Tips to Overcome Burnout for Swim Coaches

Every gig comes with a risk of burnout, especially if you stick with it year after year. Teachers and coaches of all different types can be particularly at risk, since there’s often lots of emotional stress on top of the usual mental stress of a job. And of course, while working with youth is incredibly rewarding, it’s also really difficult at times.

Managing the struggles and coping with the stress are essential to overcome burnout for swim coaches. There are plenty of ways to do this, and they’ll help keep you coaching as effectively and positively as possible for the long haul. But if you neglect your mental health on the job, it easily starts creeping into your coaching and negatively affecting your performance—and your swimmers’.

So, take a look at these tips to overcome burnout for swim coaches, and take them to heart. And put them to practice. Because all great coaches keep practicing in addition to giving instruction.

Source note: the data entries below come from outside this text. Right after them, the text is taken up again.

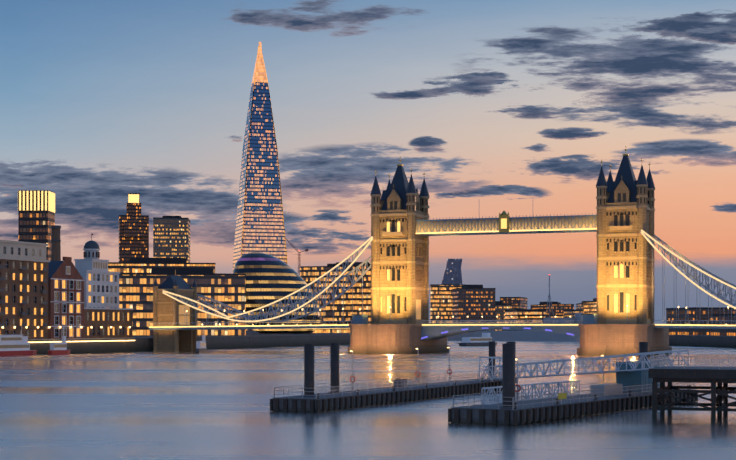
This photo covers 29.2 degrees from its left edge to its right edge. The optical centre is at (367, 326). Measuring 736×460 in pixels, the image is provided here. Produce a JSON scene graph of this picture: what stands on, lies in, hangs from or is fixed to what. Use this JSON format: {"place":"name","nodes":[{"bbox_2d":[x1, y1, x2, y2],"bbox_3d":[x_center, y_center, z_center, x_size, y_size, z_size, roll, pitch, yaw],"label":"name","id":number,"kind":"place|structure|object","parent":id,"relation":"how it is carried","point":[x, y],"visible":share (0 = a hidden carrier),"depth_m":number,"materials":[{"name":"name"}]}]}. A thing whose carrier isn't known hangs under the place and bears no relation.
{"place":"outdoors","nodes":[
{"label":"outdoors","id":0,"kind":"place"},
{"bbox_2d":[18,190,54,260],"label":"tower","id":1,"kind":"structure","parent":0,"point":[36,214],"depth_m":692.05,"materials":[{"name":"grey"}]},
{"bbox_2d":[0,160,76,195],"bbox_3d":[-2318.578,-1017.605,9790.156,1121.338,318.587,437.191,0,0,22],"label":"cloud","id":2,"kind":"structure","parent":0,"point":[39,170],"depth_m":9790.45,"materials":[{"name":"grey"}]},
{"bbox_2d":[0,168,238,247],"bbox_3d":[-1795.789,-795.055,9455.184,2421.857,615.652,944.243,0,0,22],"label":"cloud","id":3,"kind":"structure","parent":0,"point":[94,204],"depth_m":9454.33,"materials":[{"name":"grey"}]},
{"bbox_2d":[118,193,148,261],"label":"skyscraper","id":4,"kind":"structure","parent":0,"point":[133,232],"depth_m":1456.62,"materials":[{"name":"grey"}]},
{"bbox_2d":[153,216,189,262],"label":"office building","id":5,"kind":"structure","parent":0,"point":[171,236],"depth_m":1228.56,"materials":[{"name":"grey"}]},
{"bbox_2d":[230,136,241,141],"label":"cloud","id":6,"kind":"structure","parent":0,"point":[234,137],"depth_m":9831.86,"materials":[{"name":"grey"}]},
{"bbox_2d":[190,211,307,248],"bbox_3d":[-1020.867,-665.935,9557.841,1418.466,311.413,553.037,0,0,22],"label":"cloud","id":7,"kind":"structure","parent":0,"point":[228,241],"depth_m":9557.00,"materials":[{"name":"grey"}]},
{"bbox_2d":[227,0,422,35],"bbox_3d":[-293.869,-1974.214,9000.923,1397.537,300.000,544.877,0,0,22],"label":"cloud","id":8,"kind":"structure","parent":0,"point":[348,21],"depth_m":9001.13,"materials":[{"name":"grey"}]},
{"bbox_2d":[287,210,365,229],"bbox_3d":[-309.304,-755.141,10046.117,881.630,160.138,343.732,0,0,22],"label":"cloud","id":9,"kind":"structure","parent":0,"point":[330,215],"depth_m":10045.85,"materials":[{"name":"grey"}]},
{"bbox_2d":[286,228,370,253],"bbox_3d":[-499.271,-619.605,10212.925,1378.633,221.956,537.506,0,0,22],"label":"cloud","id":10,"kind":"structure","parent":0,"point":[324,245],"depth_m":10211.38,"materials":[{"name":"grey"}]},
{"bbox_2d":[0,340,735,459],"bbox_3d":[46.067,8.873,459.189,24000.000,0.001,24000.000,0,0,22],"label":"river water","id":11,"kind":"structure","parent":0,"point":[212,404],"depth_m":138.44,"materials":[{"name":"blue liquid"}]},
{"bbox_2d":[0,335,36,355],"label":"party boat","id":12,"kind":"object","parent":11,"relation":"on","point":[14,345],"visible":0.98,"depth_m":421.65,"materials":[{"name":"white metal"}]},
{"bbox_2d":[48,336,69,354],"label":"boat","id":13,"kind":"object","parent":11,"relation":"on","point":[58,348],"visible":0.92,"depth_m":432.31,"materials":[{"name":"white metal"}]},
{"bbox_2d":[195,335,206,352],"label":"launch","id":14,"kind":"object","parent":11,"relation":"on","point":[200,347],"visible":0.9,"depth_m":466.14,"materials":[{"name":"metal"}]},
{"bbox_2d":[458,333,496,345],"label":"boat","id":15,"kind":"object","parent":11,"relation":"on","point":[484,339],"visible":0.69,"depth_m":632.22,"materials":[{"name":"metal"}]},
{"bbox_2d":[447,274,582,340],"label":"warship","id":16,"kind":"object","parent":11,"relation":"on","point":[514,335],"visible":0.23,"depth_m":857.60,"materials":[{"name":"grey metal"}]},
{"bbox_2d":[0,0,735,323],"label":"sky","id":17,"kind":"structure","parent":0,"point":[97,85],"materials":[{"name":"blue"}]},
{"bbox_2d":[278,144,484,211],"bbox_3d":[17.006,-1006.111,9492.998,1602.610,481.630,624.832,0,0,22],"label":"cloud","id":18,"kind":"structure","parent":0,"point":[324,174],"depth_m":9494.34,"materials":[{"name":"grey"}]},
{"bbox_2d":[28,331,735,354],"bbox_3d":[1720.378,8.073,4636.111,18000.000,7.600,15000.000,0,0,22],"label":"embankment wall","id":19,"kind":"structure","parent":0,"point":[252,339],"depth_m":578.24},
{"bbox_2d":[0,225,134,342],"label":"waterfront buildings","id":20,"kind":"structure","parent":19,"relation":"on","point":[54,298],"depth_m":451.93,"materials":[{"name":"brown brick"}]},
{"bbox_2d":[108,258,215,272],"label":"more london","id":21,"kind":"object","parent":19,"relation":"on","point":[140,265],"visible":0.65,"depth_m":744.26,"materials":[{"name":"grey"}]},
{"bbox_2d":[119,268,245,335],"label":"more london","id":22,"kind":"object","parent":19,"relation":"on","point":[136,292],"visible":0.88,"depth_m":629.88,"materials":[{"name":"grey"}]},
{"bbox_2d":[232,42,286,273],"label":"skyscraper","id":23,"kind":"structure","parent":19,"relation":"on","point":[260,223],"depth_m":1482.81,"materials":[{"name":"blue glass"}]},
{"bbox_2d":[233,252,321,333],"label":"city hall","id":24,"kind":"structure","parent":19,"relation":"on","point":[270,278],"depth_m":752.79,"materials":[{"name":"black glass"}]},
{"bbox_2d":[291,243,307,274],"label":"tower crane","id":25,"kind":"object","parent":19,"relation":"on","point":[306,250],"visible":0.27,"depth_m":1747.14,"materials":[{"name":"grey metal"}]},
{"bbox_2d":[300,262,370,332],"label":"office building","id":26,"kind":"structure","parent":19,"relation":"on","point":[349,301],"depth_m":877.54,"materials":[{"name":"grey"}]},
{"bbox_2d":[149,149,735,355],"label":"bridge","id":27,"kind":"structure","parent":19,"relation":"on","point":[404,228],"depth_m":455.42,"materials":[{"name":"stone"}]},
{"bbox_2d":[430,284,464,322],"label":"glass building","id":28,"kind":"structure","parent":19,"relation":"on","point":[441,301],"depth_m":1236.18,"materials":[{"name":"yellow"}]},
{"bbox_2d":[197,324,726,335],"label":"promenade lights","id":29,"kind":"object","parent":19,"relation":"on","point":[306,328],"visible":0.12,"depth_m":633.30,"materials":[{"name":"yellow"}]},
{"bbox_2d":[429,316,570,330],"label":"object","id":30,"kind":"structure","parent":19,"relation":"on","point":[490,323],"depth_m":970.08,"materials":[{"name":"grey"}]},
{"bbox_2d":[270,341,735,424],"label":"river pier","id":31,"kind":"structure","parent":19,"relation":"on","point":[641,382],"depth_m":145.85,"materials":[{"name":"metal"}]},
{"bbox_2d":[495,301,512,330],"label":"building","id":32,"kind":"structure","parent":19,"relation":"on","point":[500,307],"depth_m":1327.04,"materials":[{"name":"grey"}]},
{"bbox_2d":[500,297,526,308],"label":"building","id":33,"kind":"structure","parent":19,"relation":"on","point":[519,302],"depth_m":1767.56,"materials":[{"name":"grey"}]},
{"bbox_2d":[504,309,546,322],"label":"building","id":34,"kind":"structure","parent":19,"relation":"on","point":[514,313],"depth_m":1224.93,"materials":[{"name":"brown"}]},
{"bbox_2d":[518,315,563,322],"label":"building","id":35,"kind":"structure","parent":19,"relation":"on","point":[533,317],"depth_m":1129.57,"materials":[{"name":"grey"}]},
{"bbox_2d":[531,302,573,317],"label":"building","id":36,"kind":"structure","parent":19,"relation":"on","point":[558,308],"depth_m":1562.88,"materials":[{"name":"grey"}]},
{"bbox_2d":[564,310,583,317],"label":"building","id":37,"kind":"structure","parent":19,"relation":"on","point":[568,313],"depth_m":1438.12,"materials":[{"name":"grey"}]},
{"bbox_2d":[576,301,591,309],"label":"building","id":38,"kind":"structure","parent":19,"relation":"on","point":[579,306],"depth_m":1886.06,"materials":[{"name":"grey"}]},
{"bbox_2d":[584,298,596,313],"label":"building","id":39,"kind":"structure","parent":19,"relation":"on","point":[590,307],"depth_m":1295.80,"materials":[{"name":"yellow"}]},
{"bbox_2d":[666,307,735,334],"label":"lit building","id":40,"kind":"structure","parent":19,"relation":"on","point":[697,313],"depth_m":681.86,"materials":[{"name":"grey"}]},
{"bbox_2d":[371,85,462,99],"bbox_3d":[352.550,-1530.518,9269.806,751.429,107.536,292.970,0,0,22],"label":"cloud","id":41,"kind":"structure","parent":0,"point":[416,94],"depth_m":9270.75,"materials":[{"name":"grey"}]},
{"bbox_2d":[409,136,446,151],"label":"cloud","id":42,"kind":"structure","parent":0,"point":[425,143],"depth_m":9874.23,"materials":[{"name":"grey"}]},
{"bbox_2d":[441,259,461,283],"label":"tower building","id":43,"kind":"structure","parent":0,"point":[452,274],"depth_m":2587.37,"materials":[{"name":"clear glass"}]},
{"bbox_2d":[452,285,495,330],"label":"office building","id":44,"kind":"structure","parent":0,"point":[474,302],"depth_m":1131.32,"materials":[{"name":"grey"}]},
{"bbox_2d":[461,71,507,78],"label":"cloud","id":45,"kind":"structure","parent":0,"point":[494,74],"depth_m":10089.81,"materials":[{"name":"grey"}]},
{"bbox_2d":[435,185,547,199],"bbox_3d":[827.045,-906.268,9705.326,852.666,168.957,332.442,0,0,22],"label":"cloud","id":46,"kind":"structure","parent":0,"point":[488,190],"depth_m":9704.72,"materials":[{"name":"grey"}]},
{"bbox_2d":[419,73,596,100],"bbox_3d":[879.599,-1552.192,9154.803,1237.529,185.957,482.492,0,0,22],"label":"cloud","id":47,"kind":"structure","parent":0,"point":[472,85],"depth_m":9156.96,"materials":[{"name":"grey"}]},
{"bbox_2d":[524,143,546,151],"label":"cloud","id":48,"kind":"structure","parent":0,"point":[539,147],"depth_m":9921.88,"materials":[{"name":"grey"}]},
{"bbox_2d":[498,105,597,118],"bbox_3d":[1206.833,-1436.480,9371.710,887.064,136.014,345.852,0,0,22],"label":"cloud","id":49,"kind":"structure","parent":0,"point":[530,112],"depth_m":9372.35,"materials":[{"name":"grey"}]},
{"bbox_2d":[538,127,606,139],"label":"cloud","id":50,"kind":"structure","parent":0,"point":[572,133],"depth_m":10139.39,"materials":[{"name":"grey"}]},
{"bbox_2d":[488,154,668,183],"bbox_3d":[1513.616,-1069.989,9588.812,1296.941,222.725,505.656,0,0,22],"label":"cloud","id":51,"kind":"structure","parent":0,"point":[578,166],"depth_m":9589.79,"materials":[{"name":"grey"}]},
{"bbox_2d":[467,26,735,105],"bbox_3d":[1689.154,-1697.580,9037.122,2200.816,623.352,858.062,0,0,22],"label":"cloud","id":52,"kind":"structure","parent":0,"point":[632,60],"depth_m":9037.25,"materials":[{"name":"grey"}]},
{"bbox_2d":[529,25,728,73],"bbox_3d":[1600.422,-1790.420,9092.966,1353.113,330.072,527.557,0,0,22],"label":"cloud","id":53,"kind":"structure","parent":0,"point":[636,36],"depth_m":9092.89,"materials":[{"name":"grey"}]},
{"bbox_2d":[561,99,735,133],"bbox_3d":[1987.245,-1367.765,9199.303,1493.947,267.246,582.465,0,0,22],"label":"cloud","id":54,"kind":"structure","parent":0,"point":[647,115],"depth_m":9200.61,"materials":[{"name":"grey"}]},
{"bbox_2d":[615,139,735,165],"bbox_3d":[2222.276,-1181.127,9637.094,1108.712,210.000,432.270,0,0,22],"label":"cloud","id":55,"kind":"structure","parent":0,"point":[704,152],"depth_m":9637.40,"materials":[{"name":"grey"}]},
{"bbox_2d":[629,10,735,44],"bbox_3d":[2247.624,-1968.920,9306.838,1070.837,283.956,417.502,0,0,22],"label":"cloud","id":56,"kind":"structure","parent":0,"point":[679,26],"depth_m":9307.73,"materials":[{"name":"grey"}]},
{"bbox_2d":[710,203,735,212],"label":"cloud","id":57,"kind":"structure","parent":0,"point":[729,208],"depth_m":9964.24,"materials":[{"name":"grey"}]},
{"bbox_2d":[711,314,735,335],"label":"building","id":58,"kind":"structure","parent":0,"point":[725,332],"depth_m":636.01,"materials":[{"name":"brown"}]}
]}

Strategies to Beat Burnout for Swim Coaches

  • Make an honest assessment of what’s draining you; for example, is it the number of hours you’re putting in at the pool? Piles of paperwork? A difficult swimmer or parents? Financial stress?
  • Focus in on addressing the factors that are most strongly causing you to feel burned out, frustrated, or otherwise unhappy; for example, would an assistant (even a volunteer) make things more manageable for you? Is it time to lay down the law or exercise options like suspension with a swimmer or parent to deal with a disruption to the team? Can you pull in more income by giving private swim lessons?
  • Talk about what you’re struggling with to a friend, family member, or another coach (one with more experience or time as a coach may be particularly helpful).
  • Make a list of everything you love about being a swim coach; keep it and refer to it when you’re feeling down.
  • Alter the regular team workouts and routines to cut back on boredom and give things a fresher feel.
  • Consider some fun non-swimming team-building exercises or social activities to promote bonding while changing things up.
  • Talk to your swimmers about what they like and don’t like about how things run. Build on the common enthusiasm you hear and look at how you can improve things for everyone—which will in turn improve things for you.
  • Attend some workshops, seminars, training, continuing education courses, or other professional development opportunities.
  • Take a little time off and spend it doing a leisure activity you’re passionate about.